Try commenting writes in your program and then print the values. THat might give you some clue...

Well, I am not ruling out a driver bug here... I just want to make sure that we plug all loop-holes before we look at the driver.


Also, you are not completely initializing some structures.

For example:

"bottom" field is not initialized in mat_sky object.

  __constant Material mat_sky = {

  .type = Single,

  .emmitance = {0, .5f, 1},

  .top = {

    .albedo = {0, .5f, 1},

    .roughness = 0,

    .isotropy = 1,




Commenting out writes didn't produce any change (thankfully there were not that many to check). The partial initialization of the materials is intentional -- the type field controls how much of the structure is actually used (e.g. mat_sky.bottom will never be referenced because mat_sky.type == Single). For the emittance field, I'm just relying on the implicit initialize-to-zero.



According to OpenCL Spec


Variables in the program scope (or) the outermost scope of kernel functions can be declared in the __constant address space. These variables are required to be initialized and the values used to initialize these variables must be a compile time constant. Writing to such a variable results in a compile-time error


I don't think there is any implicit initializations that will be done for you.

Can you initialize them fully? Not sure, what would be implementation semantics for a partially initialized __constant variable.

Also, If you think this is a problem, Can you upload a minimal test-case that I can share it with the driver team? Thanks!


Looking at the generated code, it appears to only zero-initialize fields before the last explicitly initialized one. Not a problem for this particular struct, but not something I should probably be relying on. I have attached a minimal testcase.


Thanks for the testcase. The problem was reproducible with the internal driver here too. I will forward this to relevant team.


Doing some more study of the kernel, it looks like it is a printf issue rather than __constant buffer getting corrupt.

PFA the code I tried. I am copying the constant buffer in a global buffer and then reading it back on host side. I am getting expected results for this case. Can you confirm it the attached code works for you too. I am forwarding the printf issue to AMD engineers anyway.


This code does work for me. However, changing it to copy the structs field by field instead of all at once causes it to fail. I.e. replacing:

gPlanes = planes;

with the (theoretically equivalent) code:

gPlanes.material = planes.material;
gPlanes.point = planes.point;
gPlanes.normal = planes.normal;

causes it to fail, with the last two fields being printed as all zeros.


Yeah right. This was also reproducible. I am sending another testcase to the AMD engineering team. Thanks for your support.

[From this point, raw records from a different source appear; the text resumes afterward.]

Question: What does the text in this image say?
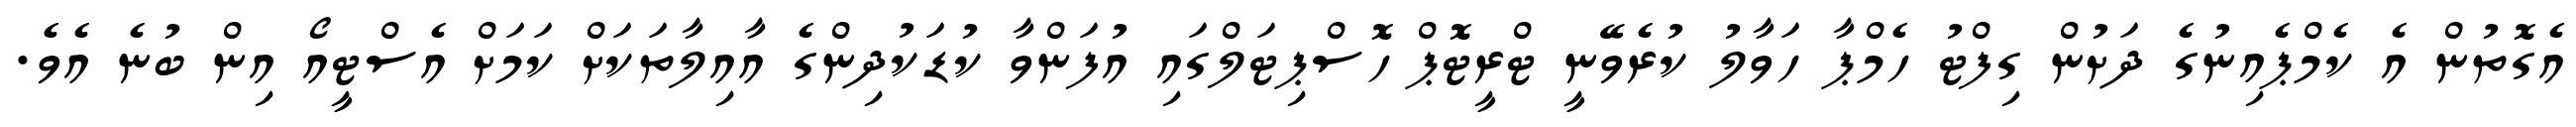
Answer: އެގޮތުން އެ ކެމްޕެއިނުގެ ދަށުން ގިފްޓު ހެމްޕާ ހަވާލު ކުރެވޭނީ ޓްރީޓޮޕް ހޮސްޕިޓަލްގައި އުފަންވާ ކުޑަކުދިންގެ އާއިލާތަކަށް ކަމަށް އެސްޓީއޯ އިން ބުނެ އެވެ.
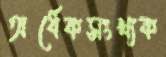
অর্ধেকসংখ্যক
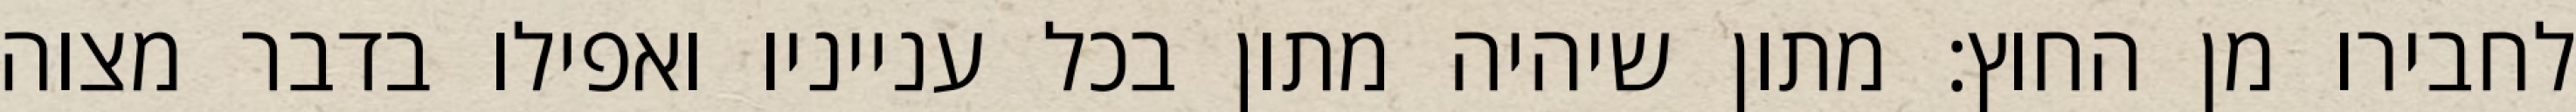
לחבירו מן החוץ: מתון שיהיה מתון בכל ענייניו ואפילו בדבר מצוה
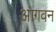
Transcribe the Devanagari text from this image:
आगवन
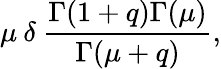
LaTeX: \mu\: \delta\: \frac{\Gamma(1+q)\Gamma(\mu)}{\Gamma(\mu+q)},
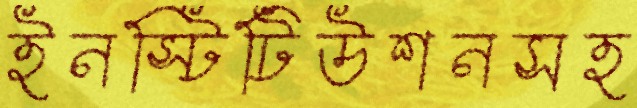
ইনস্টিটিউশনসহ
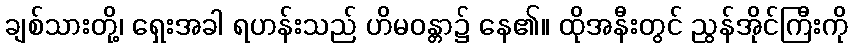
ချစ်သားတို့၊ ရှေးအခါ ရဟန်းသည် ဟိမဝန္တာ၌ နေ၏။ ထိုအနီးတွင် ညွန်အိုင်ကြီးကို
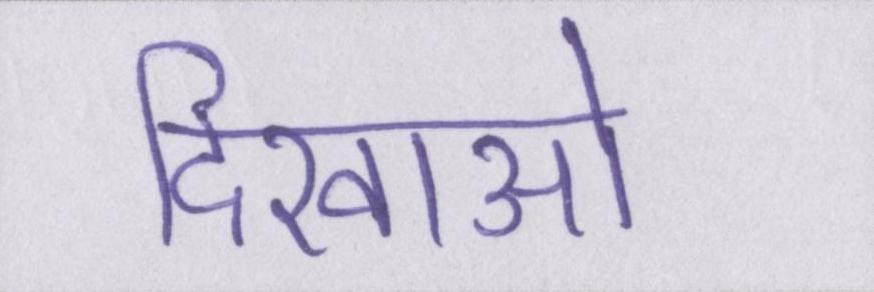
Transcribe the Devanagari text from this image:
दिखाओ
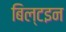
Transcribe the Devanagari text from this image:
बिल्टइन

The implementation assumes that that the host and device have the same layout for this structure:

typedef struct {
  int material;
  cl_float3 point;
  cl_float3 normal;
} Plane;

But the implementation will match the structure layout of just the device compiler, not of the host compiler.  Since cl_float3 will need to align to a 16-byte boundary on the device, the size of the structure is 48 bytes at the device side, while the size of the structure is 36 byte at the host side.